- **REQUIRED WORK**: Please return each entry exactly as it appears, but not the pictures.

::::

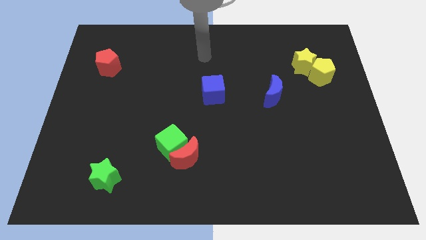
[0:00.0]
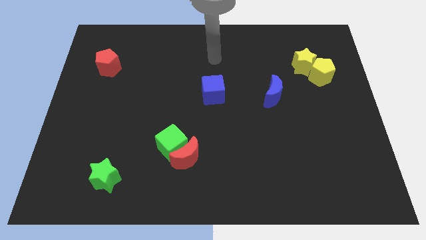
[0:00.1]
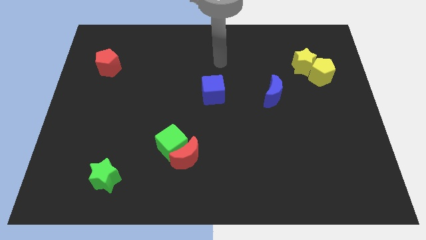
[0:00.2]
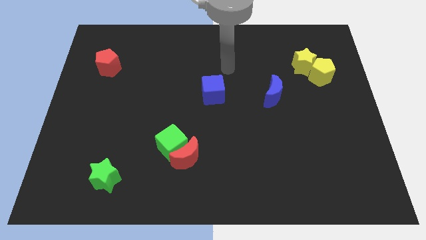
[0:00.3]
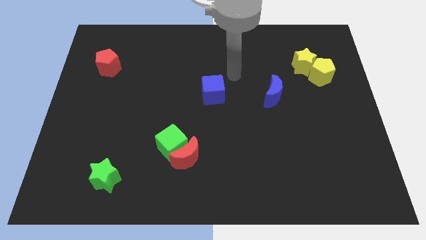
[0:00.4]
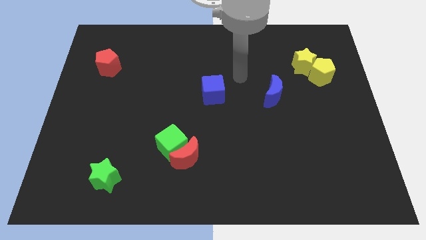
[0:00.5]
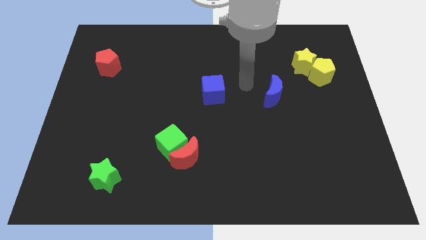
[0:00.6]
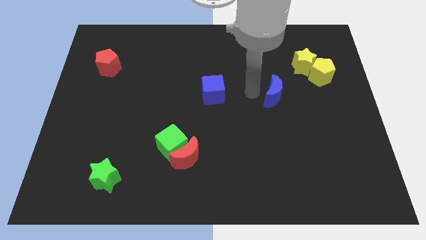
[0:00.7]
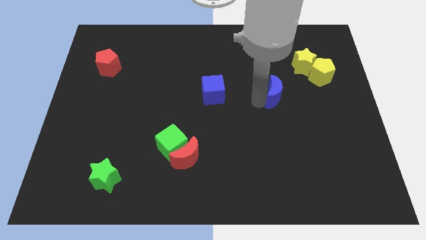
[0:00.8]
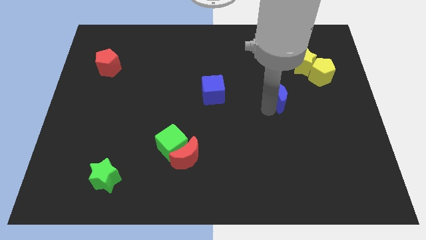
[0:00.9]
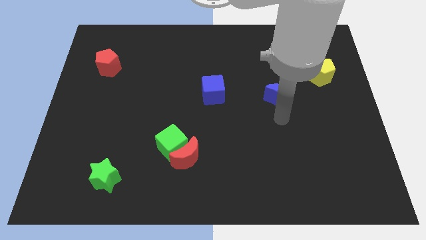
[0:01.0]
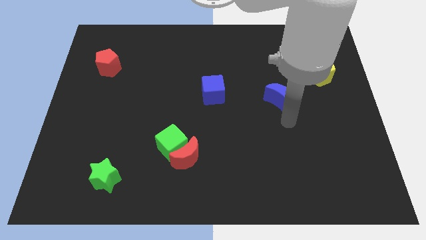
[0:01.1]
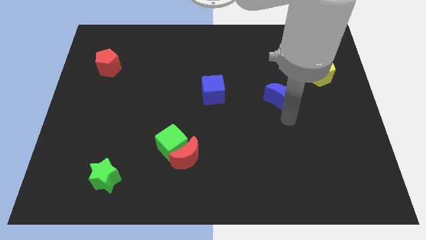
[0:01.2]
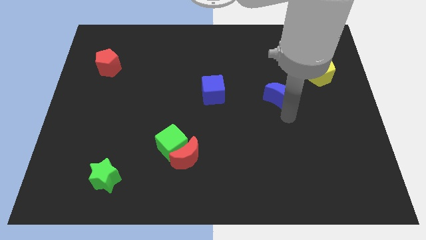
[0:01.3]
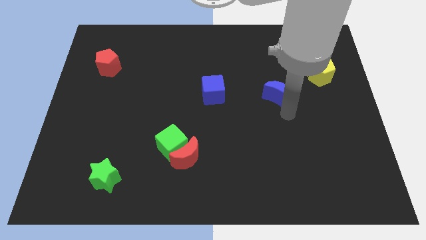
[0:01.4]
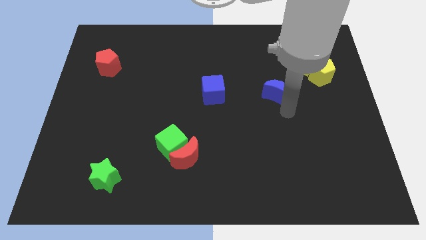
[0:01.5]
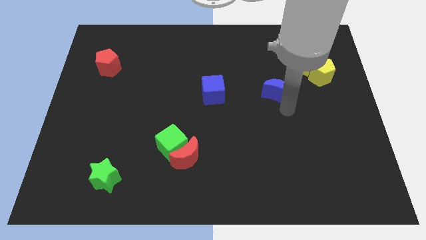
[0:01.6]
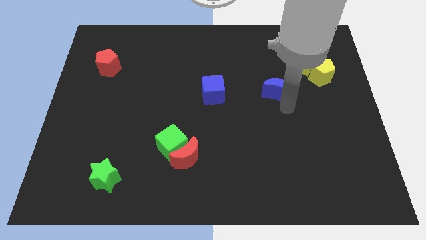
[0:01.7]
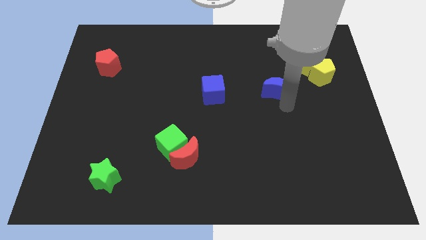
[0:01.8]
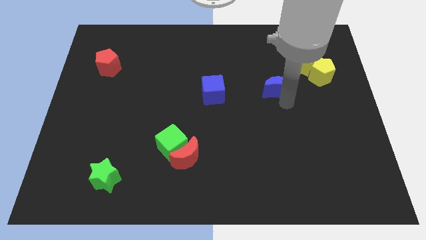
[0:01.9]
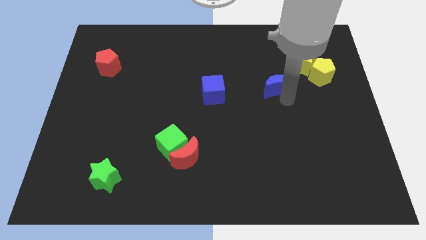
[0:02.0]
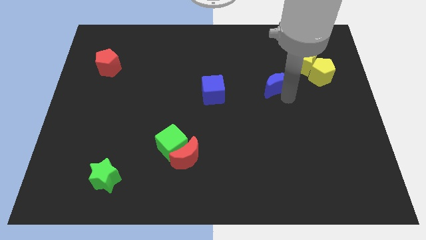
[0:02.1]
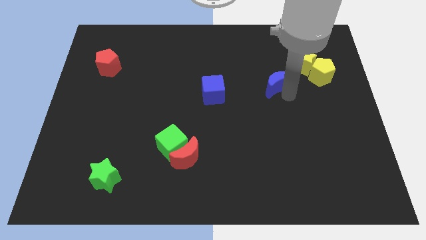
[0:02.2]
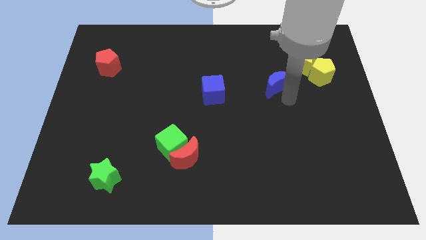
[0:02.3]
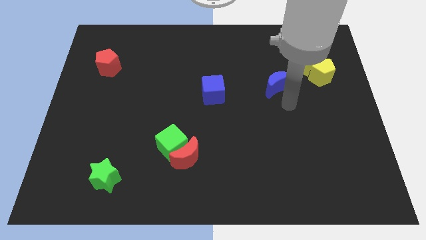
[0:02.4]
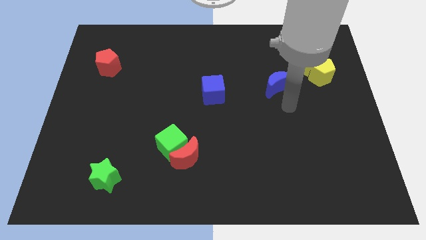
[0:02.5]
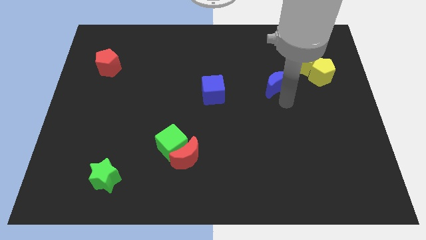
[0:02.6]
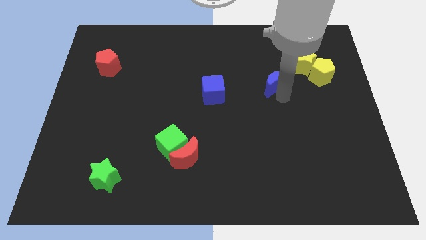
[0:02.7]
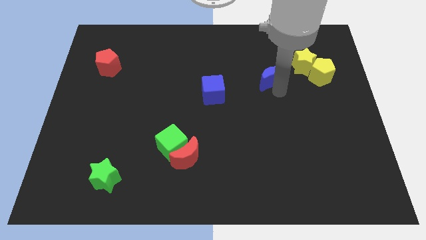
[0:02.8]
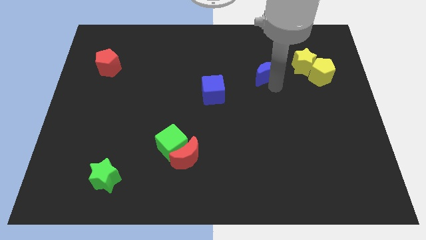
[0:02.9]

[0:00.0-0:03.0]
put the blue moon just left of the yellow star

::::

- **OUTPUT OF THE EXERCISE**:
[0:00.0]
[0:00.1]
[0:00.2]
[0:00.3]
[0:00.4]
[0:00.5]
[0:00.6]
[0:00.7]
[0:00.8]
[0:00.9]
[0:01.0]
[0:01.1]
[0:01.2]
[0:01.3]
[0:01.4]
[0:01.5]
[0:01.6]
[0:01.7]
[0:01.8]
[0:01.9]
[0:02.0]
[0:02.1]
[0:02.2]
[0:02.3]
[0:02.4]
[0:02.5]
[0:02.6]
[0:02.7]
[0:02.8]
[0:02.9]

[0:00.0-0:03.0]
put the blue moon just left of the yellow star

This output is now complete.